Controllable optical output fields from an optomechanical system with a mechanical driving

TL;DR

This paper demonstrates how mechanical driving in an optomechanical system can be used to control optical output fields, including their delay, phase, and four-wave mixing signals, enabling tunable optical responses.

Contribution

It introduces a method to actively control optical output fields in an optomechanical system via mechanical pumping, which is a novel approach for tunable optical devices.

Findings

Achieved large positive or negative group delay tunable by mechanical phase and amplitude.

Controlled enhancement or suppression of four-wave mixing output.

Power of FWM output can surpass input probe power under certain conditions.

Abstract

We investigate the properties of the optical output fields from a cavity optomechanical system, where the cavity is driven by a strong coupling and a weak probe optical fields and the mechanical resonator is driven by a coherent mechanical pump.
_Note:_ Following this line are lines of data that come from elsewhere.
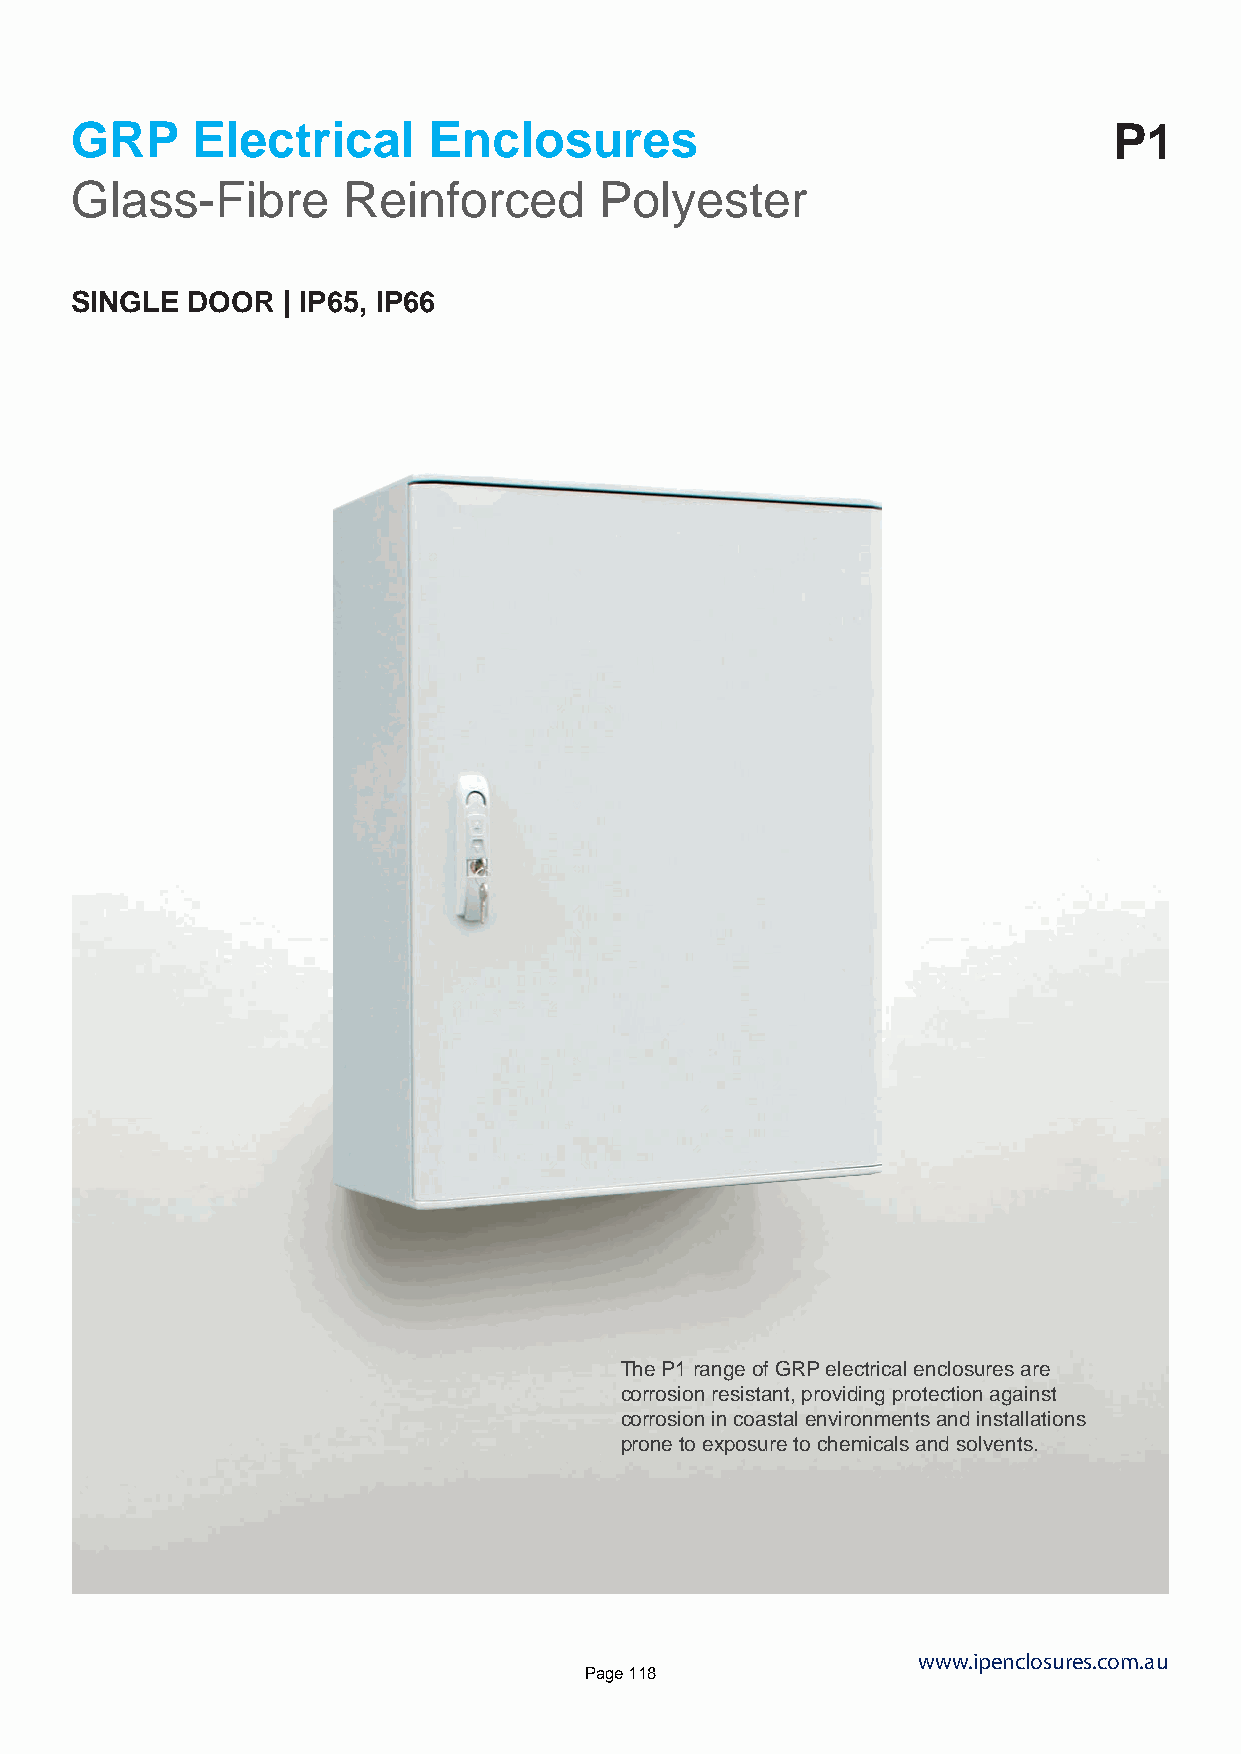
GRP     Electrical     Enclosures                                    P1
 Glass-Fibre       Reinforced       Polyester
 SINGLE DOOR   | IP65, IP66
 The P1 range of GRP electrical enclosures are
 corrosion resistant, providing protection against
 corrosion in coastal environments and installations
 prone to exposure to chemicals and solvents.
 www.ipenclosures.com.au
 Page 118
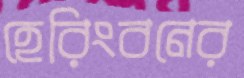
হেরিংবনের
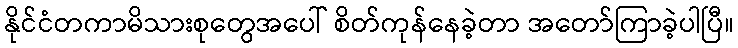
နိုင်ငံတကာမိသားစုတွေအပေါ် စိတ်ကုန်နေခဲ့တာ အတော်ကြာခဲ့ပါပြီ။
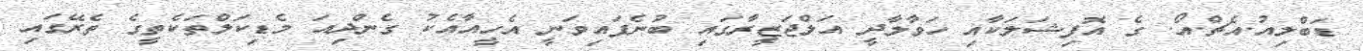
ޑަބްލިއު.އެޗް.އޯ. ގެ އޮފިޝަލަކާއި ހަވާލާދީ އަލްޖަޒީރާގައި ބުނެފައިވަނީ އެހީއާއެކު ގެންދިއަ މެޑިކަލްތަކެތީގެ ތެރޭގައި
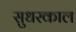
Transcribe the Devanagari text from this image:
सुधरकाल
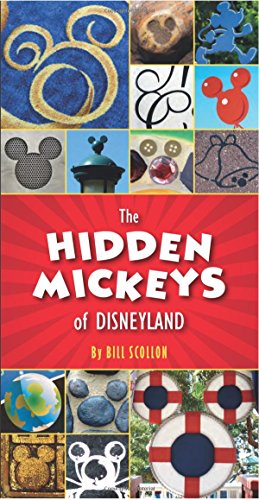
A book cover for The Hidden Mickeys of Disneyland; Bill Scollon; Humor & Entertainment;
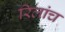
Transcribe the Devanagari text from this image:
रिलांच
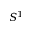
S ^ { 1 }
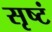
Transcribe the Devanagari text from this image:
सृष्टं
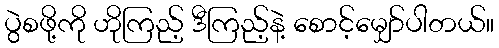
ပွဲစဖို့ကို ဟိုကြည့် ဒီကြည့်နဲ့ စောင့်မျှော်ပါတယ်။
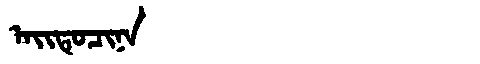
Manchu: ᠠᡳᡨᡠᠴᡳᠨᠠ
Romanization: AITUCINA
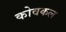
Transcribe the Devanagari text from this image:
कोवकल
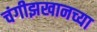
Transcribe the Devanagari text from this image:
चंगीझखानच्या
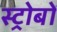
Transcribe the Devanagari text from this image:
स्ट्रोबों
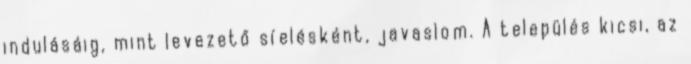
indulásáig, mint levezető síelésként, javaslom. A település kicsi, az
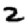
Digit: 2
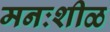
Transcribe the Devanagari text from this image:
मनःशीळ
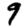
Digit: 9
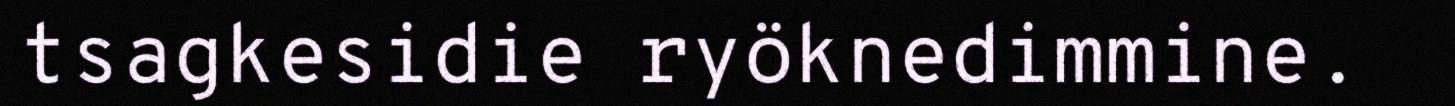
tsagkesidie ryöknedimmine.
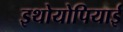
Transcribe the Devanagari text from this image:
इथोयोपियाई
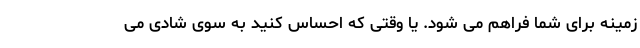
زمینه برای شما فراهم می شود. یا وقتی که احساس کنید به سوی شادی می
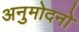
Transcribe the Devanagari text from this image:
अनुमोदनो
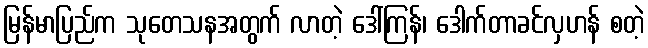
မြန်မာပြည်က သုတေသနအတွက် လာတဲ့ ဒေါ်ကြန်၊ ဒေါက်တာခင်လှဟန် စတဲ့
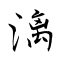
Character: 漓
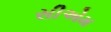
સીએમ
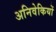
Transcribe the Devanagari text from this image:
अनिवेकियों
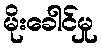
မိုးခေါင်မှု
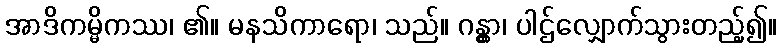
အာဒိကမ္မိကဿ၊ ၏။ မနသိကာရော၊ သည်။ ဂန္တွာ၊ ပါဌ်လျှောက်သွားတည့်၍။
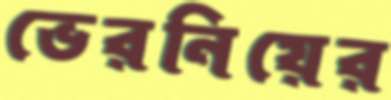
ভেরনিয়ের
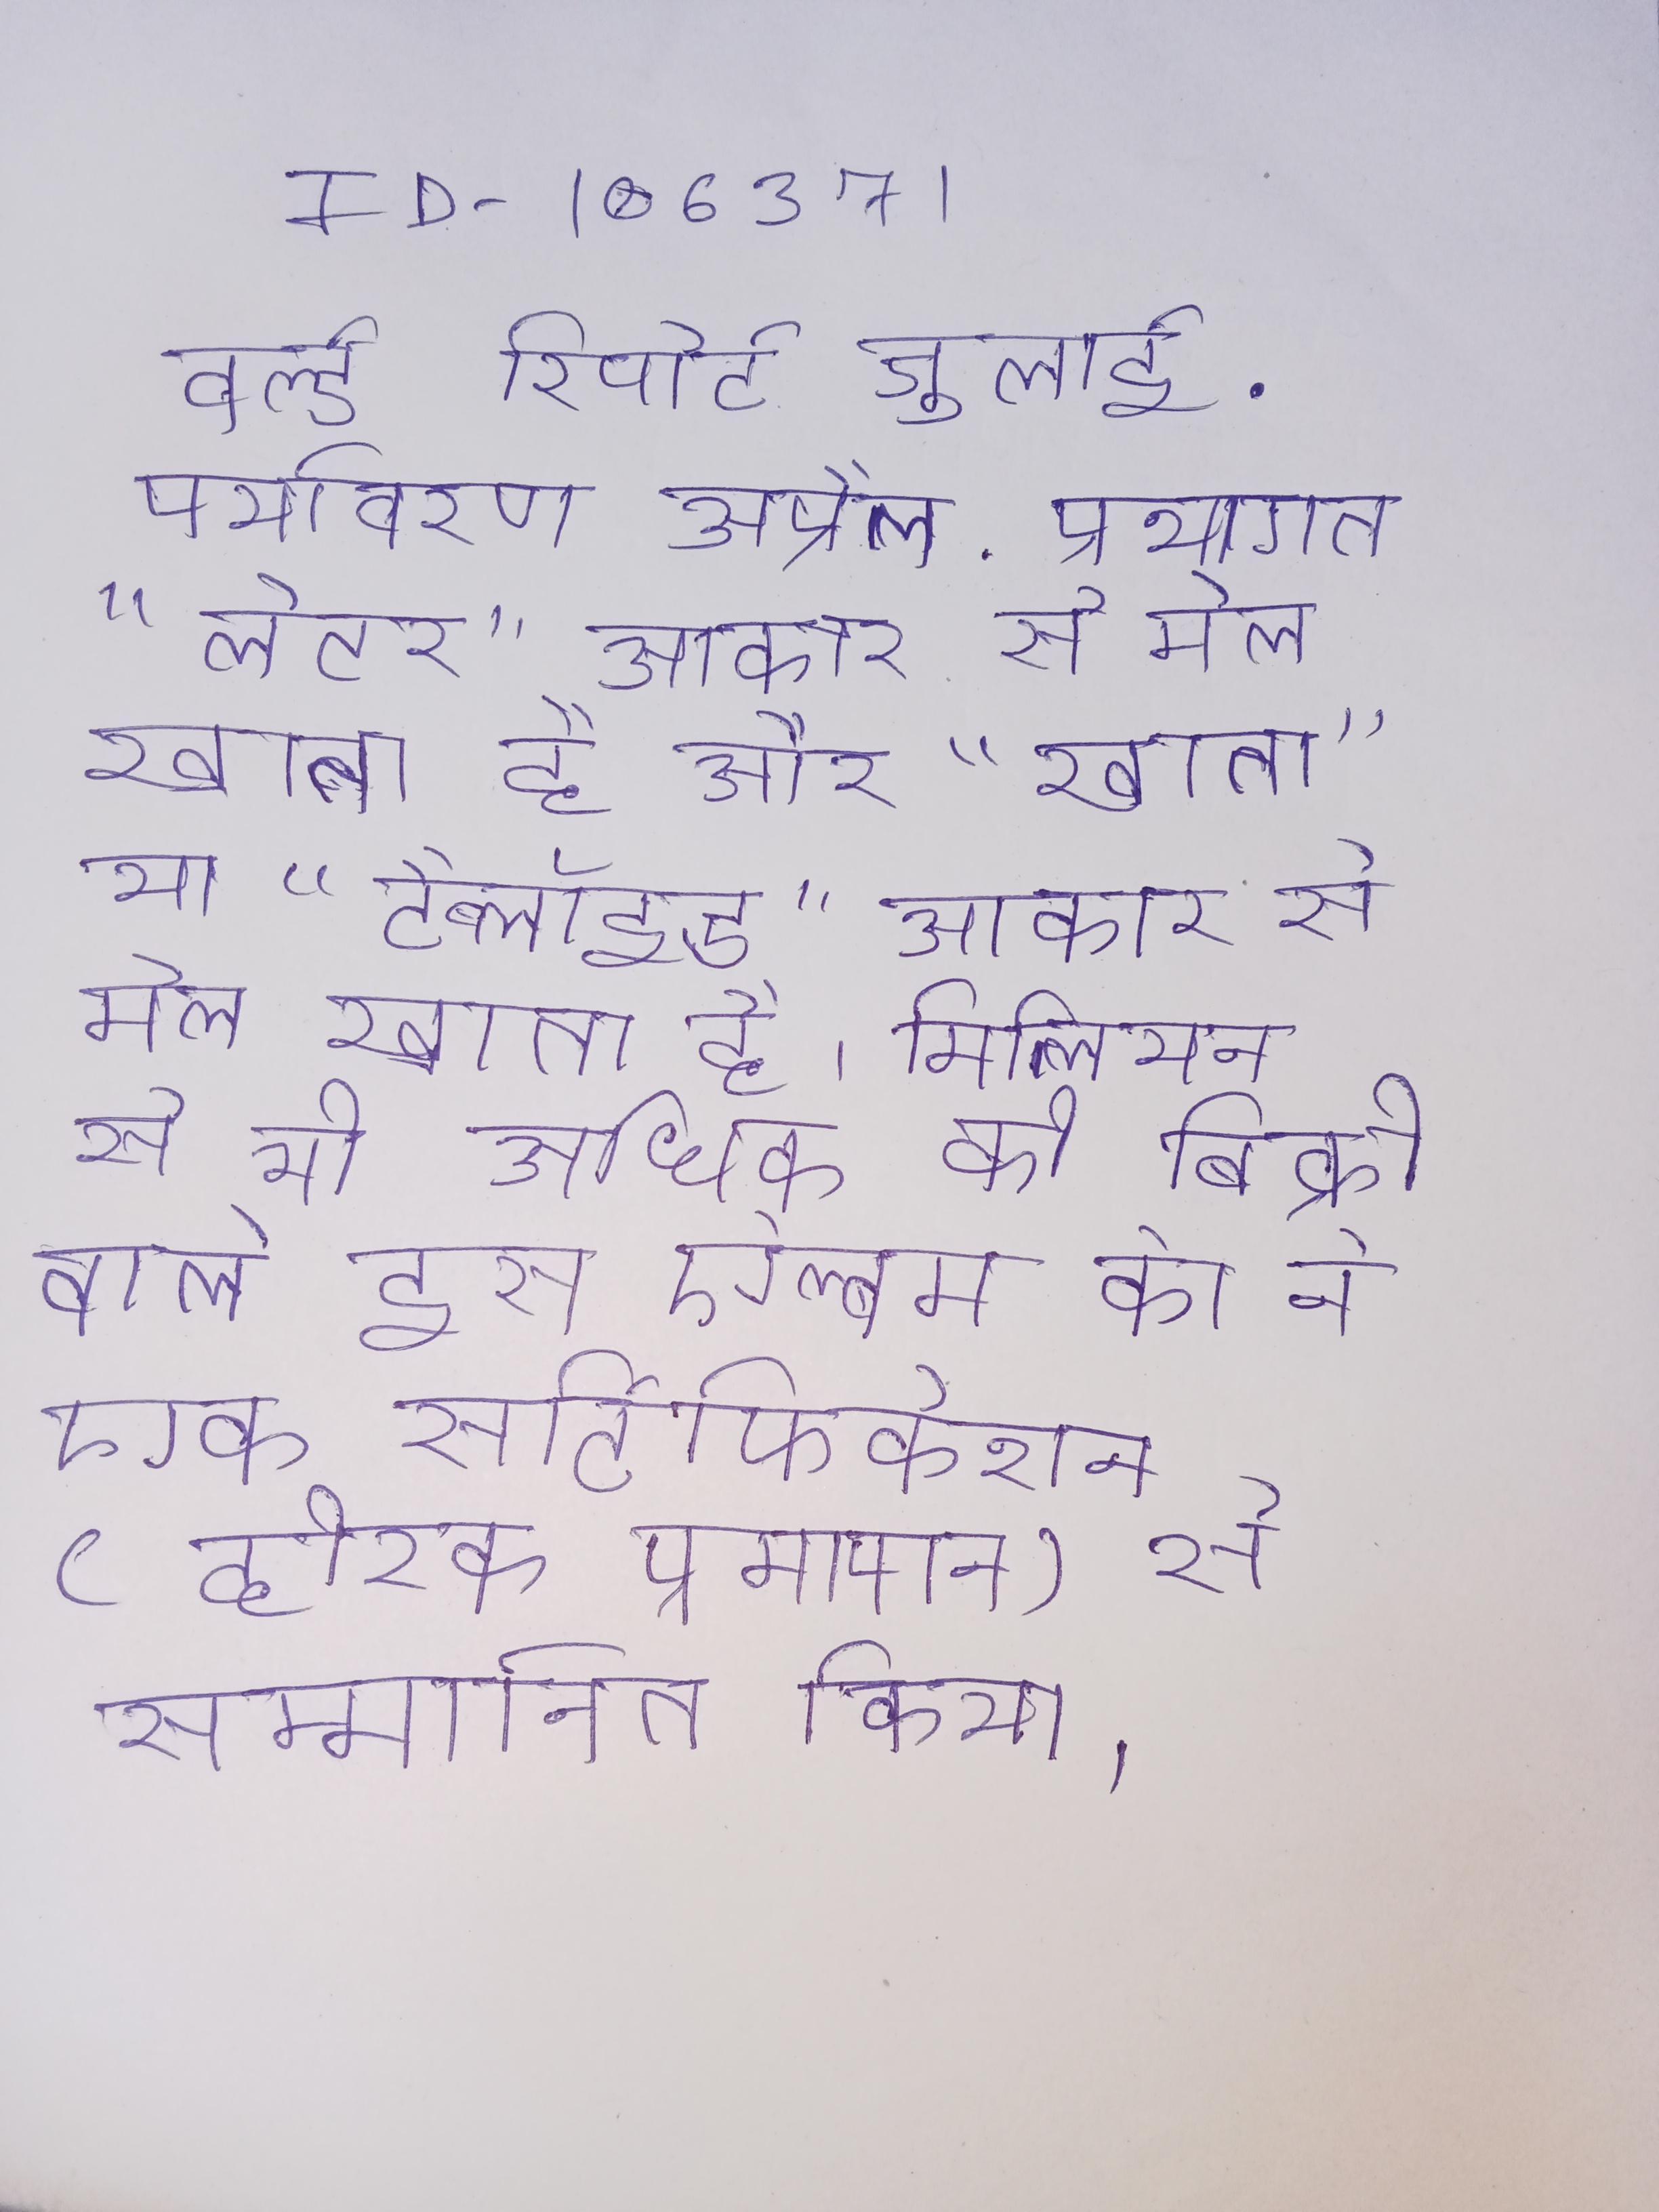
वर्ल्ड रिपोर्ट जुलाई . पर्यावरण अप्रैल . प्रथागत "लेटर" आकार से मेल खाता है और "खाता" या "टैब्लॉइड" आकार से मेल खाता है । मिलियन से भी अधिक की बिक्री वाले इस ऐल्बम को ने एक सर्टिफिकेशन (हीरक प्रमाणन) से सम्मानित किया ।
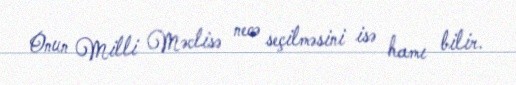
Onun Milli Məclisə necə seçilməsini isə hamı bilir.
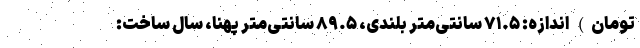
تومان) اندازه: ۷۱.۵ سانتی‌متر بلندی، ۸۹.۵ سانتی‌متر پهنا، سال ساخت:
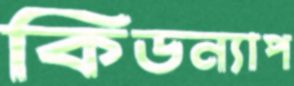
কিডন্যাপ
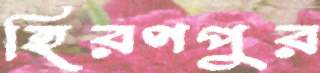
হিরণপুর
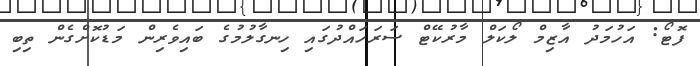
ފޮޓޯ: އަހުމަދު އާޒިމް ލޯކަލް މާރުކޭޓް ސަރަހައްދުގައި ހިނގާލުމުގެ ބައިވެރިން މަޑުކޮށްގެން ތިބި
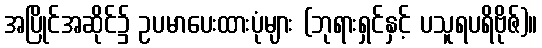
အပြိုင်အဆိုင်၌ ဥပမာပေးထားပုံများ (ဘုရားရှင်နှင့် ပသူရပရိဗိုဇ်)။
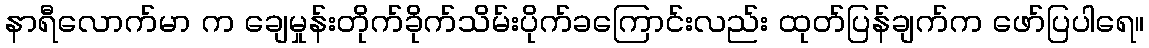
နာရီလောက်မာ က ချေမှုန်းတိုက်ခိုက်သိမ်းပိုက်ခကြောင်းလည်း ထုတ်ပြန်ချက်က ဖော်ပြပါရေ။
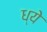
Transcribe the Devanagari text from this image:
ध्ये
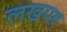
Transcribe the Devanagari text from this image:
लखपद
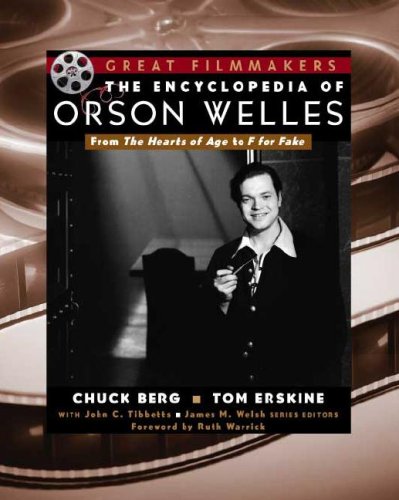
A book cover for Encyclopedia of Orson Welles (Great Filmmakers); Chuck Berg; Humor & Entertainment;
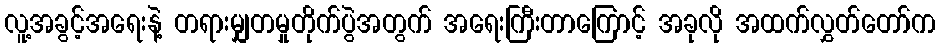
လူ့အခွင့်အရေးနဲ့ တရားမျှတမှုတိုက်ပွဲအတွက် အရေးကြီးတာကြောင့် အခုလို အထက်လွှတ်တော်က
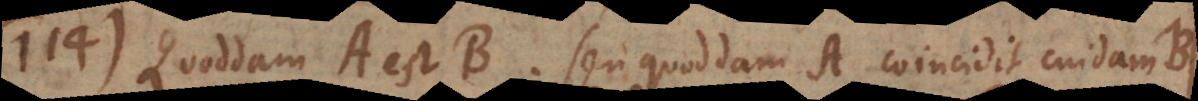
114) Quoddam A est B, seu quoddam A coincidit cuidam B.
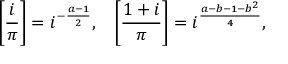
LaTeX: { \Bigg [ } { \frac { i } { \pi } } { \Bigg ] } = i ^ { - { \frac { a - 1 } { 2 } } } , \; \; \; { \Bigg [ } { \frac { 1 + i } { \pi } } { \Bigg ] } = i ^ { \frac { a - b - 1 - b ^ { 2 } } { 4 } } ,
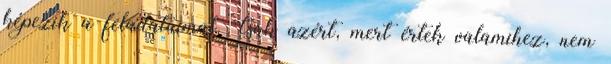
képezik a feladataimat. Csak azért, mert értek valamihez, nem
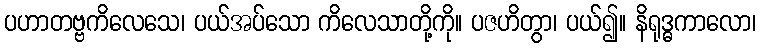
ပဟာတဗ္ဗကိလေသေ၊ ပယ်အပ်သော ကိလေသာတို့ကို။ ပဇဟိတွာ၊ ပယ်၍။ နိရုဒ္ဓကာလော၊
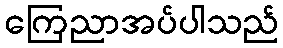
ကြေညာအပ်ပါသည်

When the frequency of the mechanical pump matches the frequency difference between the coupling and probe optical fields, due to the interference between the different optical components at the same frequency, we demonstrate that the large positive or negative group delay of the output field at the frequency of probe field can be achieved and tuned by adjusting the phase and amplitude of the mechanical driving field. Moreover, the strength of the output field at the frequency of optical four-wave-mixing (FWM) field also can be controlled (enhanced and suppressed) by tuning the phase and amplitude of the mechanical pump. We show that the power of the output field at the frequency of the optical FWM field can be suppressed to zero or enhanced so much that it can be comparable with and even larger than the power of the input probe optical field.